My, the people were crowding the doors, extending ten or so out, double lines. I took a side door, asked for the girl whom I had spoken to on the phone; and she said brightly that there was a spot upstairs. I finally found the waiter she mentioned - maybe five minutes later - the spot was already gone. Now, my faith in my choice was intensified; but the waiter said a ten-minute wait - and no place to sit - my body couldn't take it. Poor boy, he pushed electronic buttons madly but finally decided - what the hell! - to give me a table for two. Well, I was overwhelmed. I sat, ordered the meatloaf dinner and wine quickly; I noticed that my table waiter had his strawberry blond hair in a ponytail, about the color of mine at his age. The table to the north rather shocked me, with four kids, maybe twelve to fourteen years old, no adults. At my right, a man contemplated a very rich dessert, at least eight inches high. I continued blissfully, unaware of my imminent comeuppance.


The meatloaf came; now it was a girl who said brightly, "Anything else?" I mentioned the wine and it was brought. Well, everything looked okay - three large slices of meatloaf, mashed potatoes, brown gravy, peas, mushrooms and carrots. I'd had no food for six hours - I fell upon it. I've been a fairly good cook; so, after a couple of minutes, I thought, "This is very spicy meatloaf." To me, that's not comfort. Oh, maybe the brown gravy was barbeque sauce and scrapeable - no, said the waiter; he thought the rosemary or other herbs in the mixture responsible - I ate about half, but it was not the food of my youth, or even late middle age.

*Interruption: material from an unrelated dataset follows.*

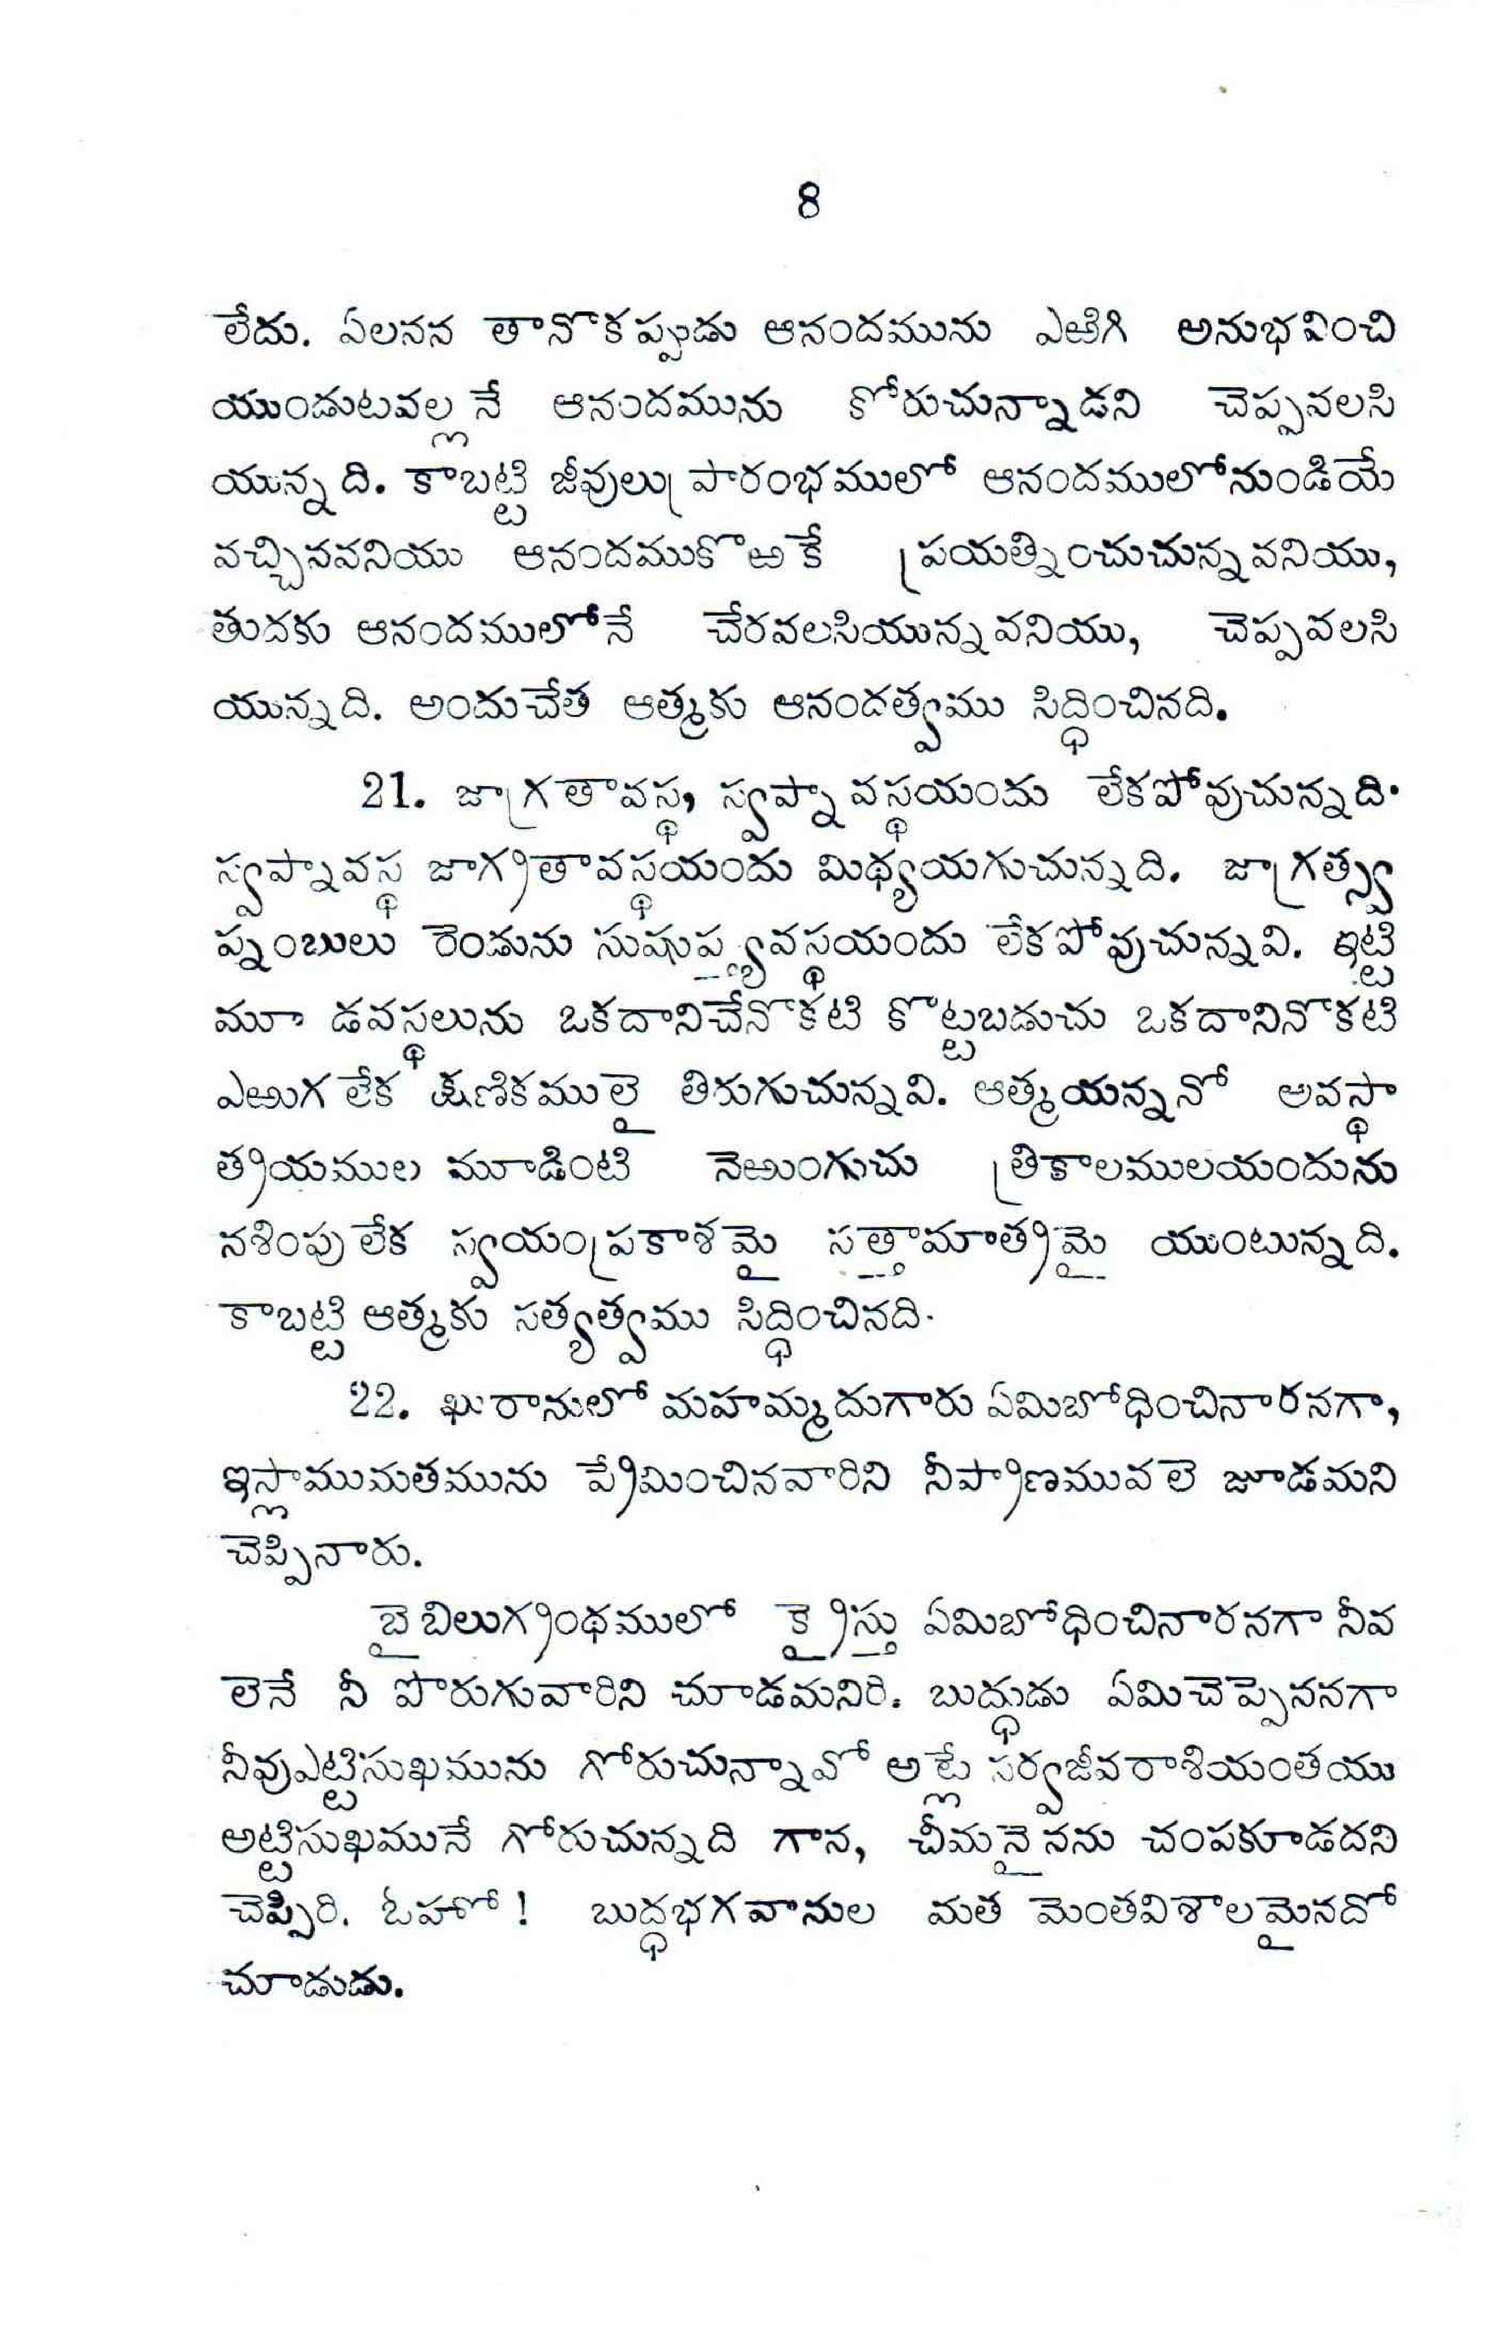లేదు. ఏలనన తానొకప్పుడు ఆనందమును ఎఱిగి అనుభవించి యుండుటవల్లనే ఆనందమును కోరుచున్నాడని చెప్పవలసి యున్నది. కాబట్టి జీవులు ప్రారంభములో ఆనందములో నుండియే వచ్చినవనియు ఆనందముకొఱకే ప్రయత్నించుచున్నవనియు, తుదకు ఆనందములోనే చేరవలసియున్నవనియు, చెప్పవలసి యున్నది. అందుచేత ఆత్మకు ఆనందత్వము సిద్ధించినది.

21. జాగ్రతావస్థ, స్వప్నావస్థయందు లేక పోవుచున్నది. స్వప్నావస్థ జాగ్రతావస్థయందు మిథ్యయగుచున్నది. జాగ్రత్స్వ ప్నంబులు రెండును సుషుప్త్యవస్థయందులేక పోవుచున్నవి. ఇట్టి మూ డవస్థలును ఒకదాని చేనొకటి కొట్టబడుచు ఒకదానినొకటి ఎఱుగలేక క్షణికములై తిరుగుచున్నవి. ఆత్మయన్ననో అవస్థాత్రయముల మూడింటి నెఱుంగుచు త్రికాలములయందును నశింపులేక స్వయంప్రకాశమై సత్థామాత్రమై యుంటున్నది. కాబట్టి ఆత్మకు సత్యత్వము సిద్ధించినది.

22. ఖురానులో మహమ్మదుగారు ఏమి బోధించినారనగా, ఇస్లామునుతమును ప్రేమించిన వారిని నీప్రాణమువలె జూడమని చెప్పినారు.

బైబిలుగ్రంథములో క్రైస్తు ఏమిబోధించినారనగా నీవలెనే నీ పొరుగువారిని చూడమనిరి. బుద్దుడు ఏమి చెప్పెననగా నీవు ఎట్టిసుఖమును గోరుచున్నావో అట్లే సర్వజీవరాశియంతయు అట్టిసుఖమునే గోరుచున్నది గాన, చీమనైనను చంపకూడదని చెప్పిరి. ఓహో! బుద్ధభగవానుల మత మెంతవిశాలమైనదో చూడుడు.

The servers were so bright and eager to please; the restaurant, crowded; but I wished I hadn't come. I was out of place there. For real comfort, I should have found a window, some drink and food, as mentioned, with a view of that gorgeous day's close (it tied the all-time high temperature for that January day) and watched that fiery brilliance until its glow diffused, as the night came softly down, hoping to share just a tiny touch of such a spectacular finish myself one day.


When I got home, I gave the cat some of my leftover meatloaf, which she wouldn't eat; guess she's stuck on classic, too - classic salmon. To be honest, I ate the remainder of the meatloaf the next day; and it was less spicy. But I hope I'll make no more quick trips expect fanciful outcomes; for, as in any respect of life, true comfort takes planning and a bit of luck.